__The problem__: Images are not part of the copy; transcribe all the data exactly.
Material for the task Block Start
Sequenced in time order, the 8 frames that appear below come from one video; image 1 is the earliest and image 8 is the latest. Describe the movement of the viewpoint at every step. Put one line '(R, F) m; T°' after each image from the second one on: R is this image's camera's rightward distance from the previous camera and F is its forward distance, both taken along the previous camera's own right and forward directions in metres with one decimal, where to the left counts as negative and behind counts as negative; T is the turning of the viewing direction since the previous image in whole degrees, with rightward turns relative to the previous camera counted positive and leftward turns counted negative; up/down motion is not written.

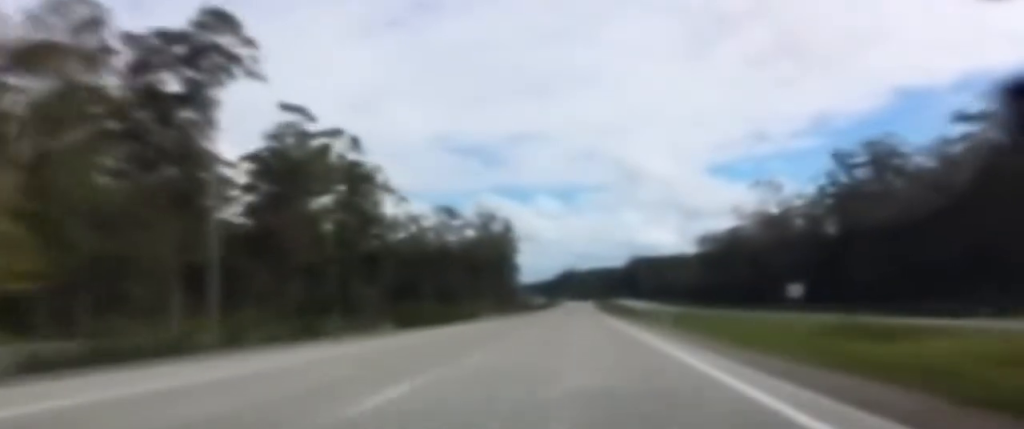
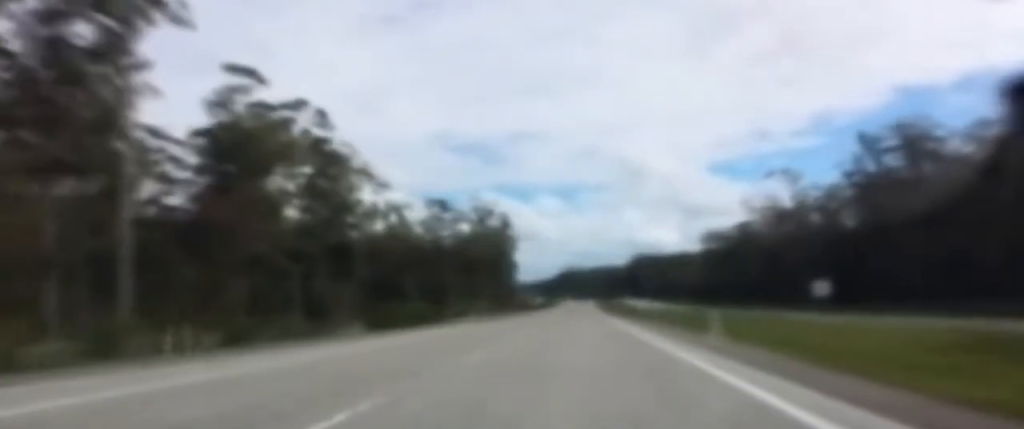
(-0.1, +14.2) m; 0°
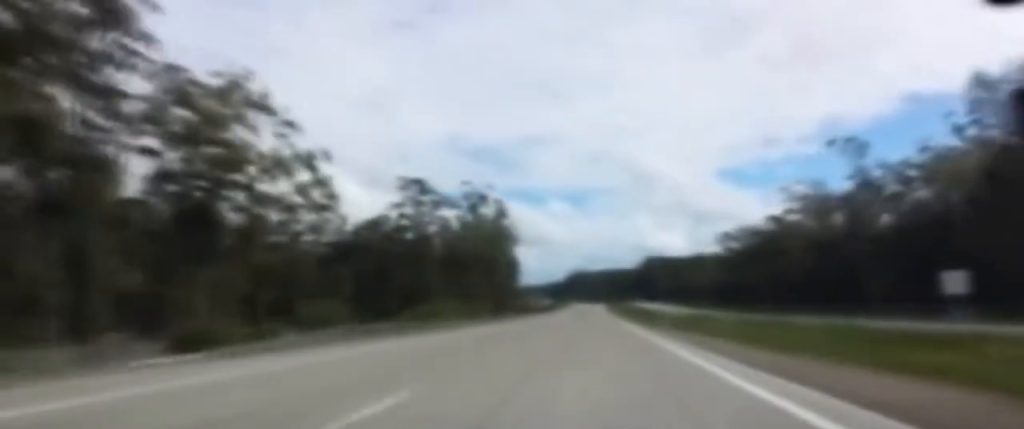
(+0.4, +43.8) m; +1°
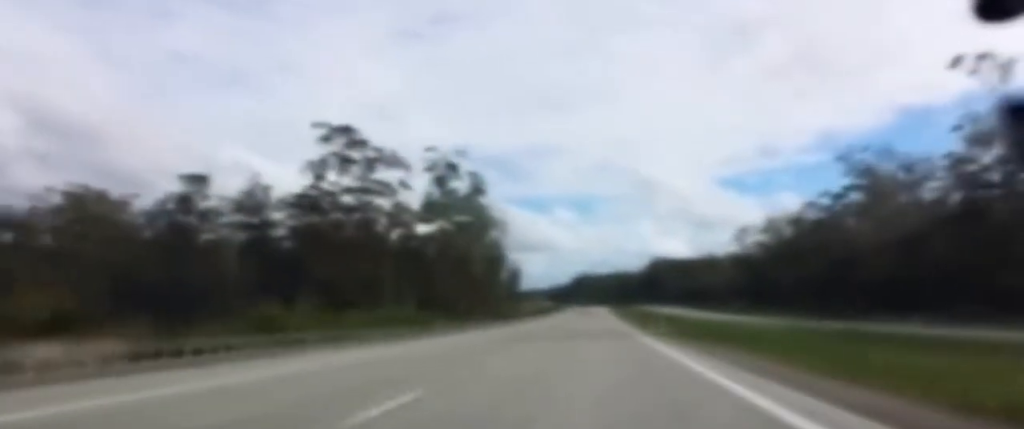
(0.0, +55.8) m; -1°
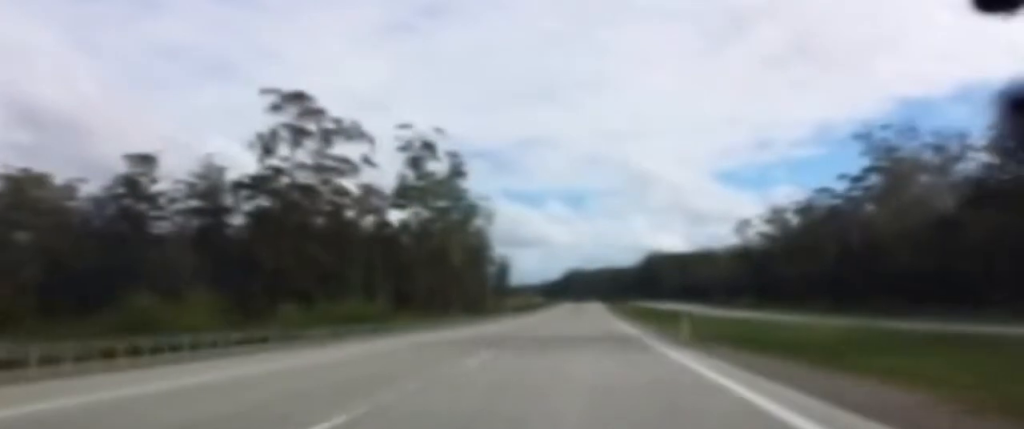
(0.0, +14.0) m; -1°
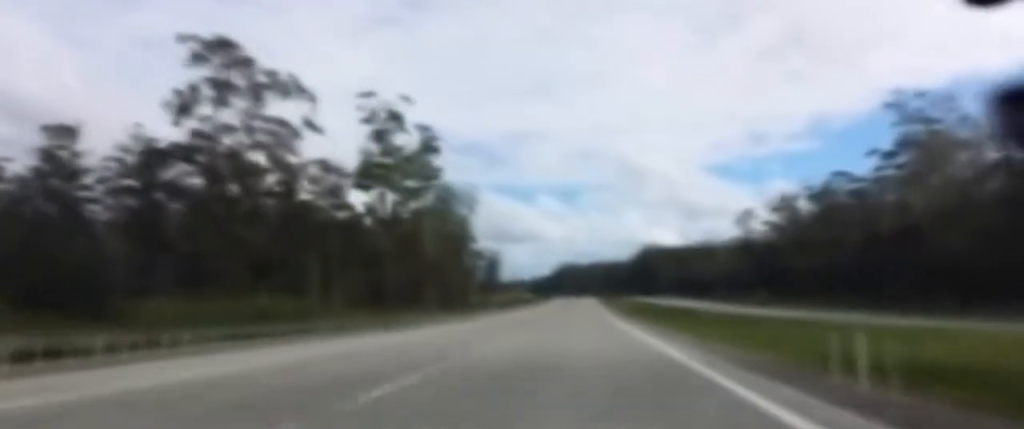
(-0.1, +18.1) m; 0°
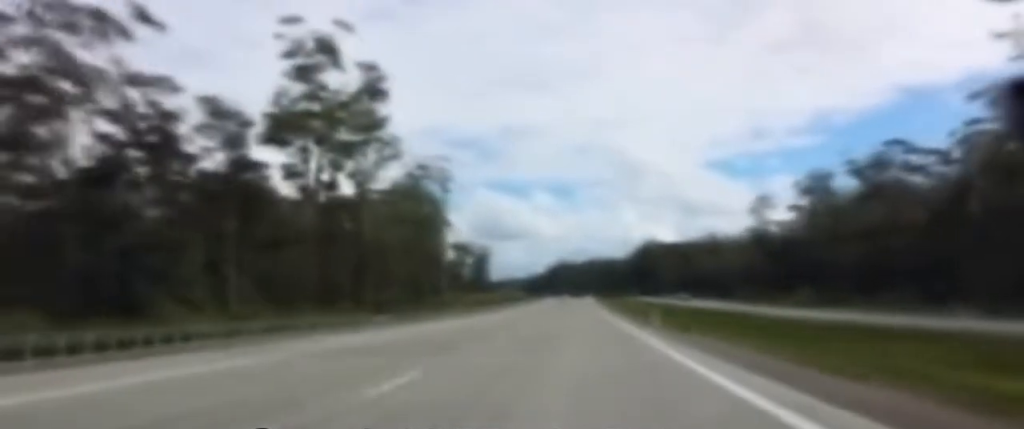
(+0.1, +33.2) m; +1°
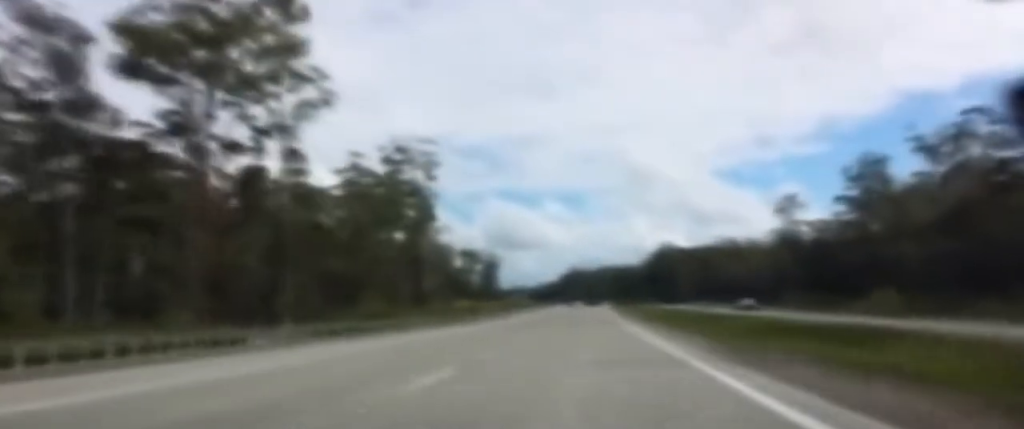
(+0.5, +32.3) m; +1°
Material for the task Block End
__Task result__:
Sequenced in time order, the 8 frames that appear below come from one video; image 1 is the earliest and image 8 is the latest. Describe the movement of the viewpoint at every step. Put one line '(R, F) m; T°' after each image from the second one on: R is this image's camera's rightward distance from the previous camera and F is its forward distance, both taken along the previous camera's own right and forward directions in metres with one decimal, where to the left counts as negative and behind counts as negative; T is the turning of the viewing direction since the previous image in whole degrees, with rightward turns relative to the previous camera counted positive and leftward turns counted negative; up/down motion is not written.

(-0.1, +14.2) m; 0°
(+0.4, +43.8) m; +1°
(0.0, +55.8) m; -1°
(0.0, +14.0) m; -1°
(-0.1, +18.1) m; 0°
(+0.1, +33.2) m; +1°
(+0.5, +32.3) m; +1°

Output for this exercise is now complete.